◆ Your instructions: Leaving out all pictures, retype the records exactly.

━━━━━━

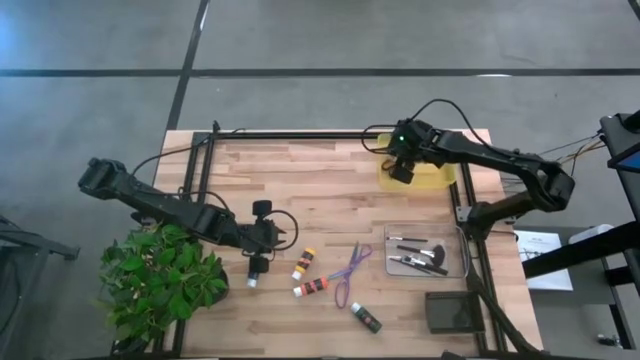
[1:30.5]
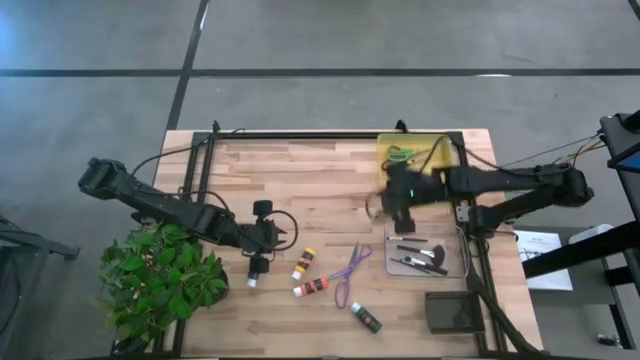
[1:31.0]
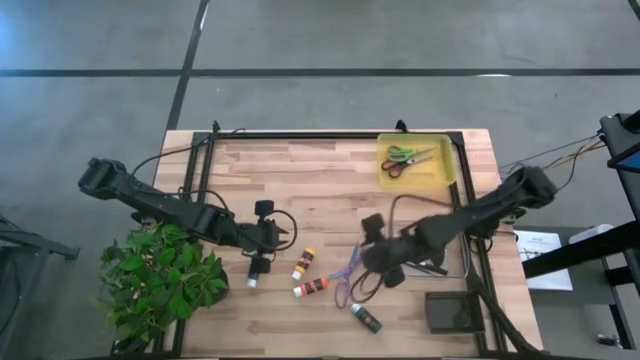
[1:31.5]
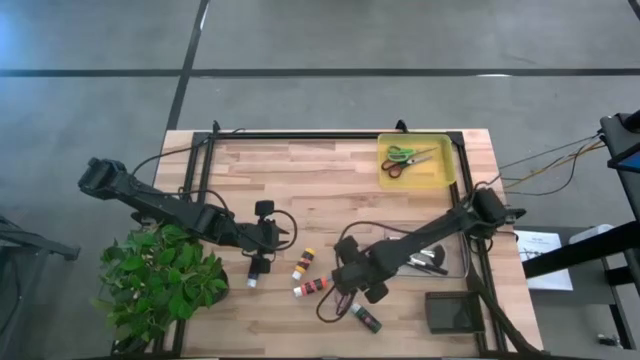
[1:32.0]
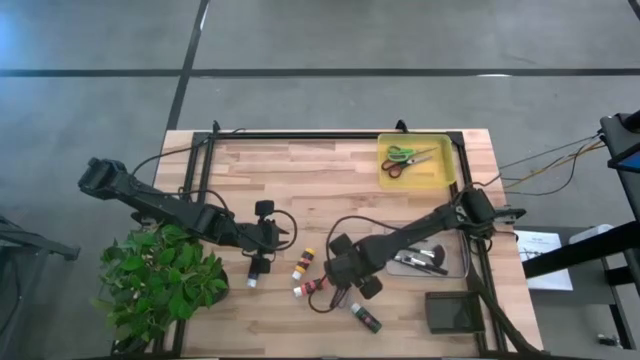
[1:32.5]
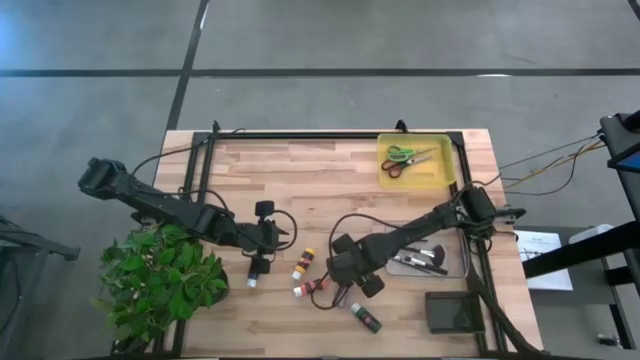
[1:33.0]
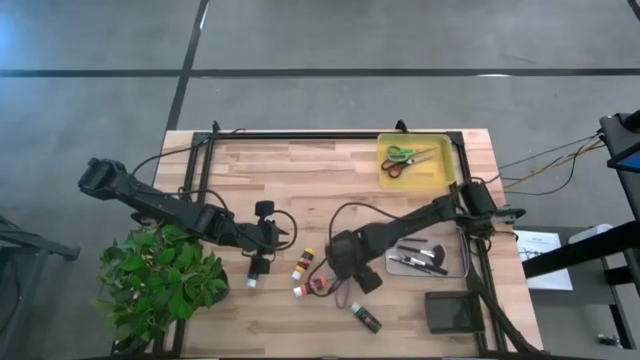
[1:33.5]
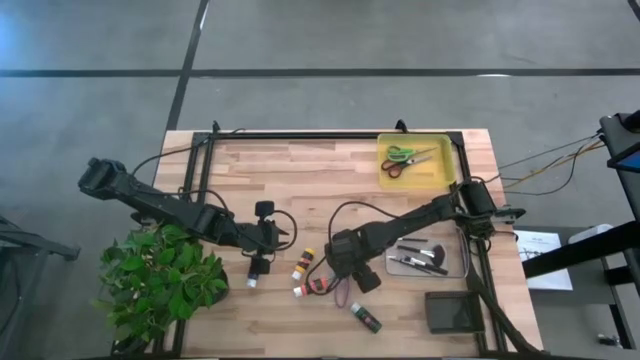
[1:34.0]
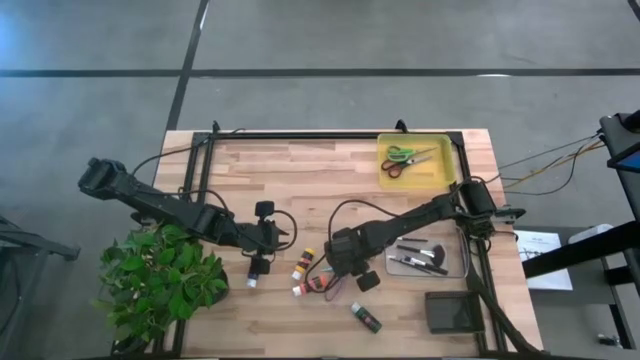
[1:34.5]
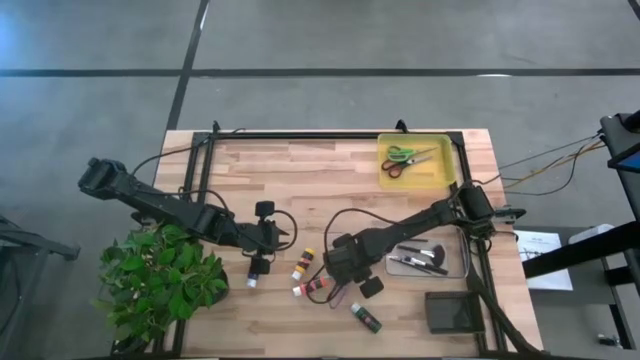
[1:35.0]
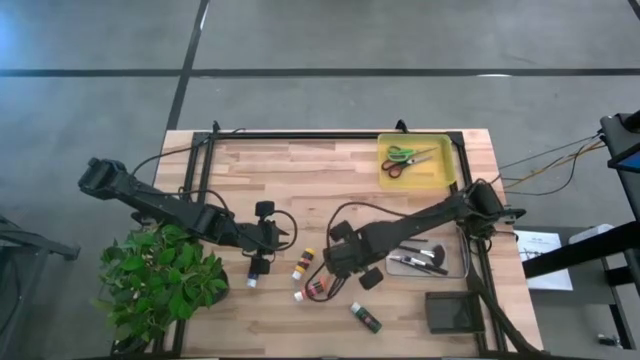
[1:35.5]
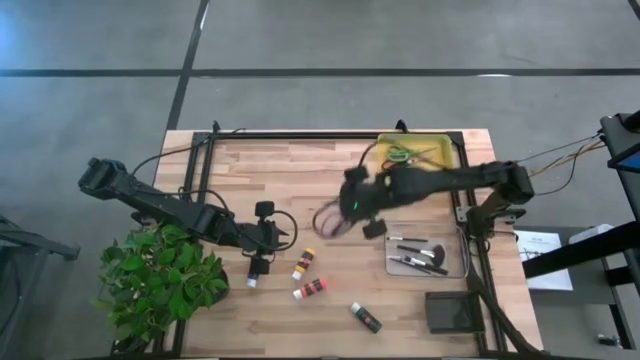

━━━━━━

◆ Your solution:
[1:30.5]
[1:31.0]
[1:31.5]
[1:32.0]
[1:32.5]
[1:33.0]
[1:33.5]
[1:34.0]
[1:34.5]
[1:35.0]
[1:35.5]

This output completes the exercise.